Al-Sayed, Sara (2016)
Robust Adaptation and Learning Over Networks.
Technische Universität Darmstadt
Dissertation, Erstveröffentlichung
Kurzbeschreibung (Abstract)
This doctoral dissertation centers on robust adaptive networks. Robust adaptation strategies are devised to solve typical network inference tasks such as estimation and detection in a decentralized manner in the presence of impulsive contamination. Typical in wireless communication environments, an impulsive noise process can be described as one whose realizations contain sparse, random samples of amplitude much higher than nominally accounted for. An attractive feature that these robust adaptive strategies enjoy is that neither their development nor operation hinges on the availability of exact knowledge of the noise distribution: The robust adaptive strategies are capable of learning it on-the-fly and adapting their parameters accordingly. Forgoing data fusion centers, the network agents employing these strategies rely solely on local interactions and in-network processing to perform inference tasks, which renders networks more reliable, resilient to node and link failure, scalable, and resource efficient. Distributed cooperative processing finds applications in many areas including wireless sensor networks in smart-home, environmental, and industrial monitoring; healthcare; and military surveillance.

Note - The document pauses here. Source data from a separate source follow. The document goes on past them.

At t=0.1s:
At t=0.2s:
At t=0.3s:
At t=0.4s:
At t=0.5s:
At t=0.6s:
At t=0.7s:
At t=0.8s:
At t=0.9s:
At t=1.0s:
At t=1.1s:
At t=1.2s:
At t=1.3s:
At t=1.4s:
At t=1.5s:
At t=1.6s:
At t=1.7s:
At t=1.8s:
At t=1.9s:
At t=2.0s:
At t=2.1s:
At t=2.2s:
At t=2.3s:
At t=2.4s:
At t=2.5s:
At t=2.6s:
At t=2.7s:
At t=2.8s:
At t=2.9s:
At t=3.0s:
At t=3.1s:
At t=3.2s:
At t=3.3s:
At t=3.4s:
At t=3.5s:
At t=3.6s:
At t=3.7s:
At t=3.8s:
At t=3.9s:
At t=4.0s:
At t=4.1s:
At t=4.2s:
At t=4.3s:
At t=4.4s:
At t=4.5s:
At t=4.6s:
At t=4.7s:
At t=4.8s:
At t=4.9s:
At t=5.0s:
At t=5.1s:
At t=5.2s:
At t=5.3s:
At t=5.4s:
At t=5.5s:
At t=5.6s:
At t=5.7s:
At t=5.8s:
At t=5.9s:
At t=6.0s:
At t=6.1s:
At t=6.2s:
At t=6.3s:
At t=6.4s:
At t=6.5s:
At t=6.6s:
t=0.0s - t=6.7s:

Since adaptive systems based on the mean-square-error criterion see their performance degrade in the presence of non-Gaussian noise, the robust adaptive strategies developed in this dissertation harness nonlinear data processing and robust statistics instead to mitigate the detrimental effects of impulsive noise. To this end, a robust adaptive filtering algorithm is developed that employs an adaptive error nonlinearity. The error nonlinearity is chosen to be a convex combination of preselected basis functions where the combination coefficients are adapted jointly with the estimate of the parameter of interest such that the mean-square-error relative to the optimal error nonlinearity is minimized in each iteration.
Then, a robust diffusion adaptation algorithm of the adapt-then-combine variety is developed as an extension of its stand-alone counterpart for distributed estimation over networks where the measurements may be corrupted by impulsive noise. Each node in the network runs a combination of its neighbors’ estimates through one iteration of a local robust adaptive filter update to ameliorate the effects of contamination, leading to better overall network performance matching that of a centralized strategy at steady-state.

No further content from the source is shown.